Token (LLM)

From Systems Analysis Wiki
Jump to navigation Jump to search

Token — the smallest unit of text that large language models (LLMs) can work with. Before being processed by an LLM, any text is first converted into a sequence of tokens, which are then translated into numerical representations that are convenient for the model to analyze and process.

Depending on the tokenization strategy used, a token can represent:

  • A whole word (e.g., "house")
  • A part of a word or a root (a subword), such as "run" in "running"
  • A single character or punctuation mark (e.g., ",", "!")

The use of tokens allows language models to effectively learn and reproduce text structures, identify patterns, and understand the semantics and syntax of the text.

Tokenization

Tokenization is the process of breaking down source text into tokens and subsequently converting them into numerical identifiers that the model can understand.

This stage is a mandatory and fundamental step for how large language models function. It enables an LLM to:

  • Analyze syntax — the structure of the text and the arrangement of its elements (words and phrases);
  • Extract semantics — the deeper meaning of the text and the relationships between its elements.

There are several main methods of tokenization, including:

  • Byte Pair Encoding (BPE): An algorithm that iteratively replaces the most frequent pairs of characters with new tokens, allowing for efficient processing of rare words and morphological variations.
  • WordPiece: Used in models like BERT, it breaks words into subword units, which helps in processing unknown words.
  • SentencePiece: A method that treats text as a sequence of raw characters and applies models based on BPE or Unigram for tokenization.

The choice of tokenization method affects the model's performance, its ability to process different languages, and the efficiency of its training.

Special Tokens

In addition to regular tokens, models also use special tokens to denote functional elements of the text, such as:

  • [CLS] (class) — a token indicating the start of a sequence, often used for text classification tasks;
  • [SEP] (separator) — separates different parts of the text (e.g., a question and an answer, sentences, or paragraphs);
  • [MASK] — a special token used to denote a word that the model must predict (used in BERT and other masked-language models);
  • [PAD] (padding) — used to align sequences to a uniform length.
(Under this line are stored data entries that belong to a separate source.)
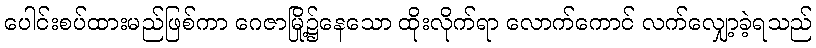
ပေါင်းစပ်ထားမည်ဖြစ်ကာ ဂေဇာမြို့၌နေသော ထိုးလိုက်ရာ လောက်ကောင် လက်လျှော့ခဲ့ရသည်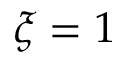
\xi = 1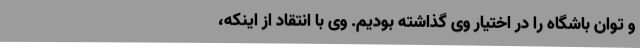
و توان باشگاه را در اختیار وی گذاشته بودیم. وی با انتقاد از اینکه،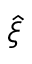
\hat { \xi }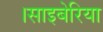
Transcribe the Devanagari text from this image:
।साइबेरिया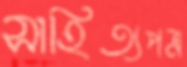
সাহিত্যপত্র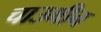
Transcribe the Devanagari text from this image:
चाउमीन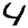
Digit: 4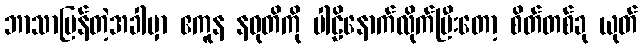
ဘာသာပြန်တဲ့အခါမှာ ဧကူန နဝုတိကို ပါဠိနောက်လိုက်ပြီးတော့ စိတ်တစ်ခု ယုတ်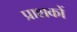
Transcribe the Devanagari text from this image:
प्राशकों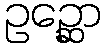
ဥဉ္ဆော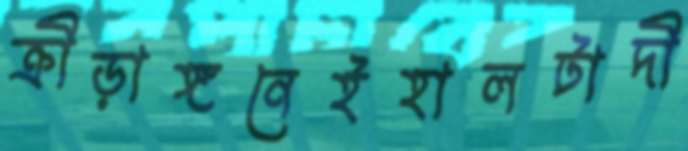
ক্রীড়াঙ্গনেইহালটাদী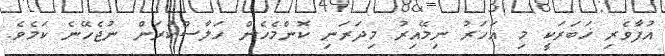
އުފާވެރި ޚަބަރަކީ މި އަހަރު ނިމޭއިރު މިދަރަނި ކޮންމެހެން ހަލާސްކުރަން ނުޖެހޭނެ ކަމެވެ.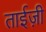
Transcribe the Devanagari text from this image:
ताईज़ी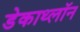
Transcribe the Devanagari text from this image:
डेकाथ्लॉन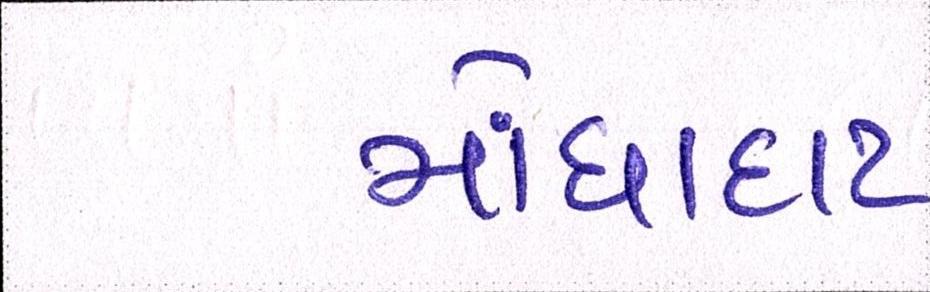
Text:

These special tokens help models more accurately perceive the structure and context of the text being processed.

Tokens and the Context Window

The context window is the maximum number of tokens that a model can simultaneously consider and process when generating text.

For example, the GPT-3 model has a context window of 2048 tokens. This means that when generating text, the model can simultaneously consider information contained within a maximum of 2048 tokens of the source text. The size of the context window affects:

  • The maximum amount of information available to the model;
  • The quality and coherence of the generated responses;
  • The model's ability to comprehend long texts and maintain context over long distances between tokens.

References

  • Sennrich, R.; Haddow, B.; Birch, A. (2016). Neural Machine Translation of Rare Words with Subword Units. arXiv:1508.07909.
  • Kudo, T.; Richardson, J. (2018). SentencePiece: A Simple and Language-Independent Subword Tokenizer and Detokenizer for Neural Text Processing. arXiv:1808.06226.
  • Kudo, T. (2018). Subword Regularization: Improving Neural Network Translation Models with Multiple Subword Candidates. arXiv:1804.10959.
  • Devlin, J. et al. (2019). BERT: Pre-training of Deep Bidirectional Transformers for Language Understanding. arXiv:1810.04805.
  • Song, X. et al. (2021). Fast WordPiece Tokenization. *EMNLP 2021*. ACL Anthology.
  • Mielke, S. J.; Dalmia, S.; Cotterell, R. (2021). A Brief History of Open-Vocabulary Modeling and Tokenization in NLP. arXiv:2112.10508.
  • Xue, J. et al. (2022). ByT5: Towards a Token-Free Future with Pre-trained Byte-to-Byte Models. arXiv:2105.13626.
  • Limisiewicz, T.; Balhar, J.; Mareček, D. (2023). Tokenization Impacts Multilingual Language Modeling: Assessing Vocabulary Allocation and Overlap Across Languages. arXiv:2305.17179.
  • Pourmostafa Roshan Sharami, J.; Shterionov, D.; Spronck, P. (2023). A Systematic Analysis of Vocabulary and BPE Settings for Optimal Fine-tuning of NMT. arXiv:2303.00722.
  • Batsuren, K. et al. (2024). Evaluating Subword Tokenization: Alien Subword Composition and OOV Generalization Challenge. arXiv:2404.13292.
  • Chai, Y. et al. (2024). Tokenization Falling Short: On Subword Robustness in Large Language Models. arXiv:2406.11687.